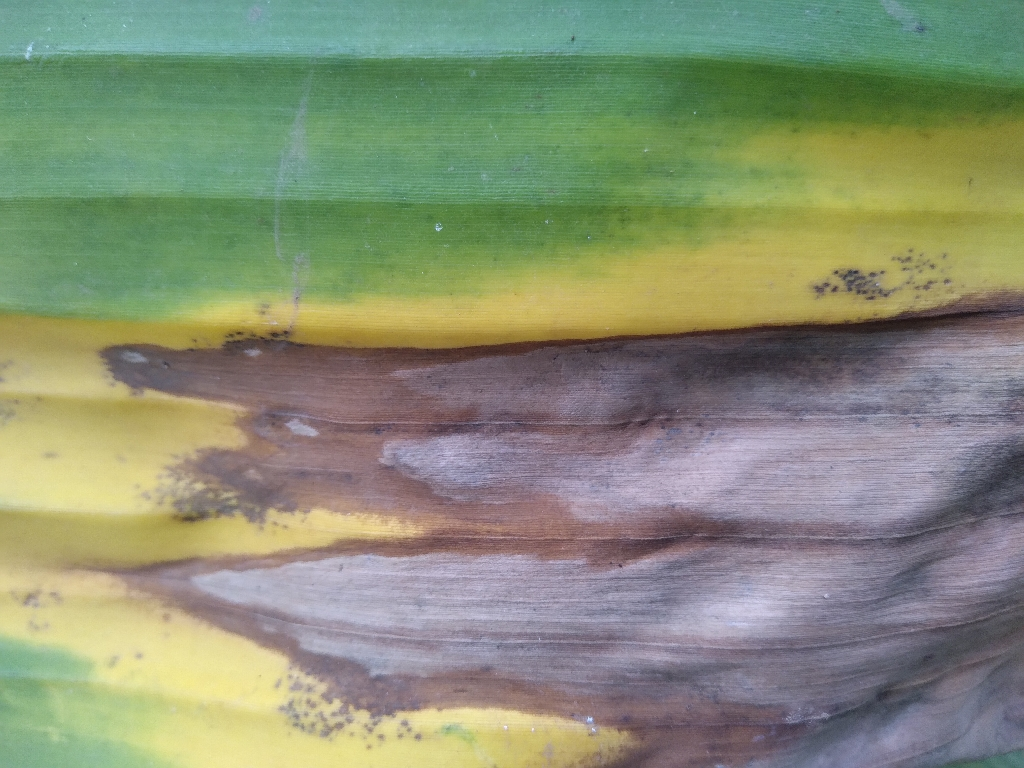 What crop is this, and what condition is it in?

banana, black sigatoka
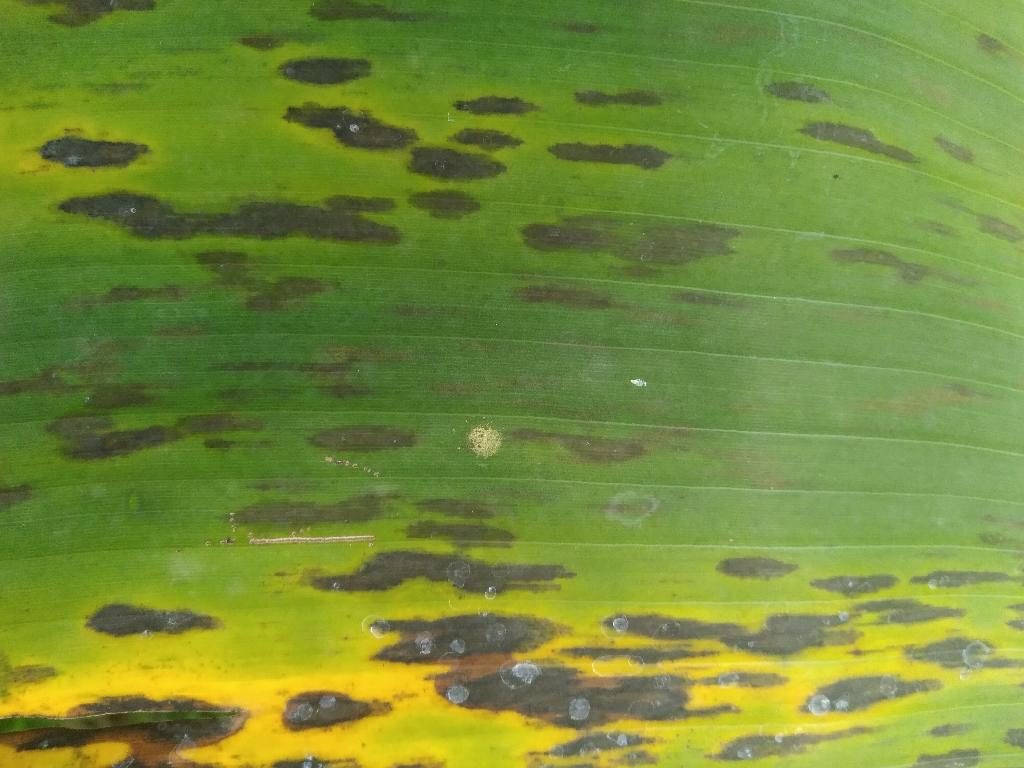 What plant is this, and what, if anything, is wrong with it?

banana, black sigatoka
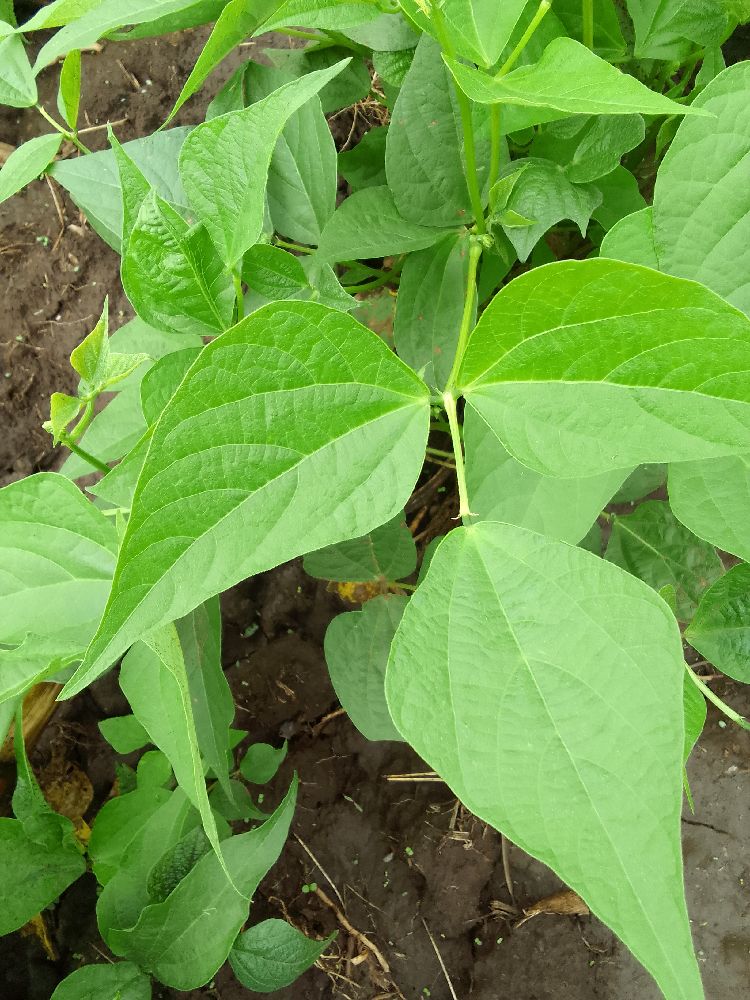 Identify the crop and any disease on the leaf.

common bean, healthy
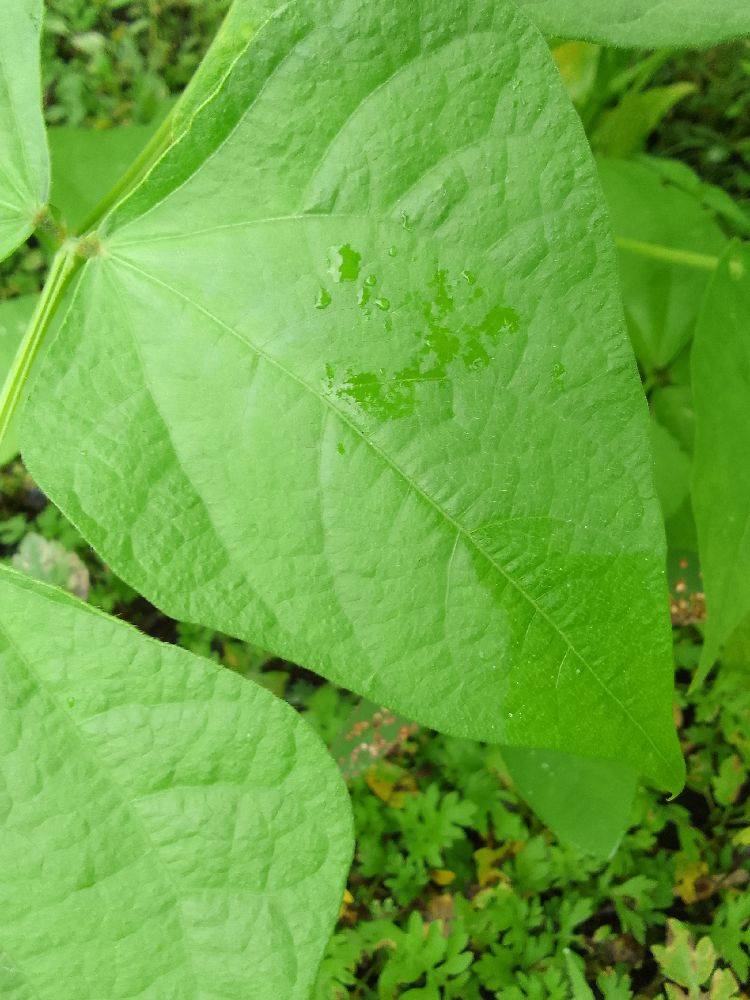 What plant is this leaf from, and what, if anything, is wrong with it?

common bean, healthy
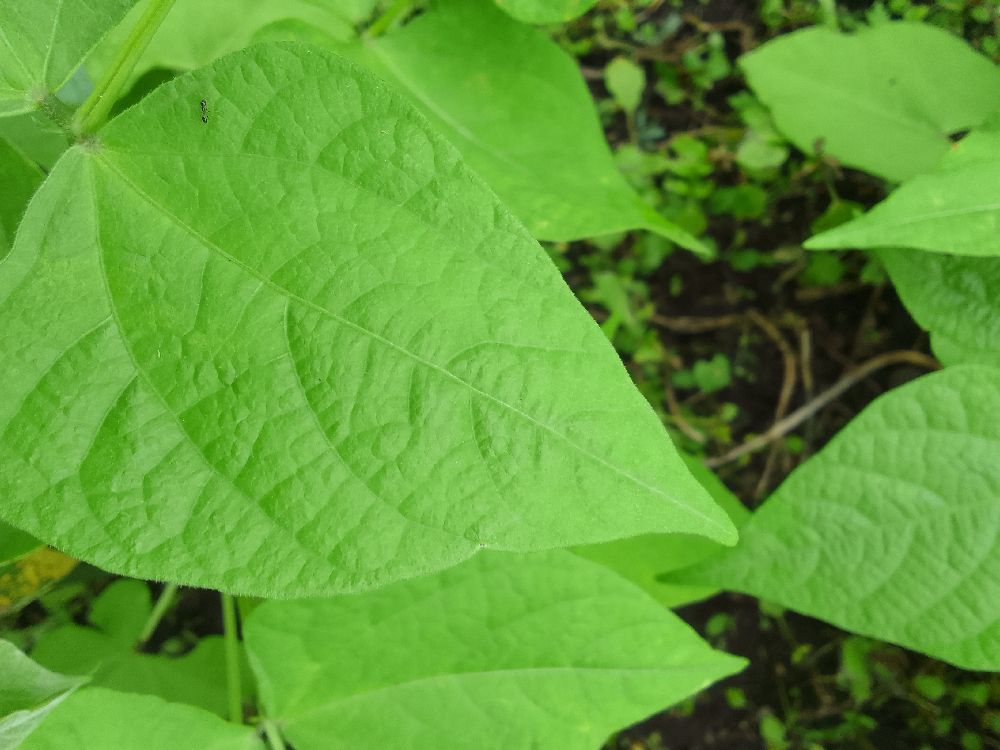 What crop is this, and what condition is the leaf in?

==================================================

WORK TO COMPLETE: Above is a listing with pictures. Write it out exactly without them.

OUTPUT OF THE TASK:
 What crop is this, and what condition is it in?

banana, black sigatoka
 What plant is this, and what, if anything, is wrong with it?

banana, black sigatoka
 Identify the crop and any disease on the leaf.

common bean, healthy
 What plant is this leaf from, and what, if anything, is wrong with it?

common bean, healthy
 What crop is this, and what condition is the leaf in?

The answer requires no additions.